In this portfolio project, I wanted to gain insights into user behaviors pre-and-post acquisition of Ford GoBike by Lyft Baywheels. The Lyft BayWheels product is their latest initiative that provides rental bikes all across San Francisco through the Lyft app. I dove into the data & utilized SQL to clean & merge the data from 3 datasets:
- the old Ford GoBike dataset
- the new Lyft Baywheels dataset
- the San Fransisco weather dataset
With the datasets cleaned & merged, I imported the data into Tableau to create some data visualizations that helped me identify patterns in user behavior. Using these visualizations, I drew meaningful insights that informed the creation of two user personas for Lyft Baywheels.

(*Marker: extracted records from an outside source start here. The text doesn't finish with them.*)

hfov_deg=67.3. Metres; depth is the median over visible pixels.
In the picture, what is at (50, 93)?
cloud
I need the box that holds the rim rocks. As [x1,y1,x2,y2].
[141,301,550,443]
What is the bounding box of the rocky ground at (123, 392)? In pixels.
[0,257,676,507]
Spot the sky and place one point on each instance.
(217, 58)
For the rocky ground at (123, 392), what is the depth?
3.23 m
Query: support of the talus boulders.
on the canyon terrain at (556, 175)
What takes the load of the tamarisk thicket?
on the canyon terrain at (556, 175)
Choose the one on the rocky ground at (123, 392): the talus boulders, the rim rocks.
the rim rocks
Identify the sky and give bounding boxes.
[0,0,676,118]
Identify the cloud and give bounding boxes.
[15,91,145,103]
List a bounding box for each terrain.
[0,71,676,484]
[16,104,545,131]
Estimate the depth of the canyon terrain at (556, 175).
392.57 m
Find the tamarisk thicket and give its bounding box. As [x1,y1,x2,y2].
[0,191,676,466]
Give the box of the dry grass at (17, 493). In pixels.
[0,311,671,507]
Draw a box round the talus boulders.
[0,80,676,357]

These personas allowed me to gain a deeper understanding of the users from both Ford GoBike and Lyft Baywheels, and helped me make more informed decisions when it came to marketing and user acquisition strategies.
This project was a great showcase of my skills in data cleaning, merging, and visualization, all of which were accomplished using SQL and Tableau. Through these tools, I was able to effectively analyze complex datasets and extract valuable insights that helped drive marketing decisions that align with the goals & interests of Lyft Baywheels’ audience segments. Overall, this project demonstrates how data-driven insights can be used to create effective marketing strategies & optimize business performance.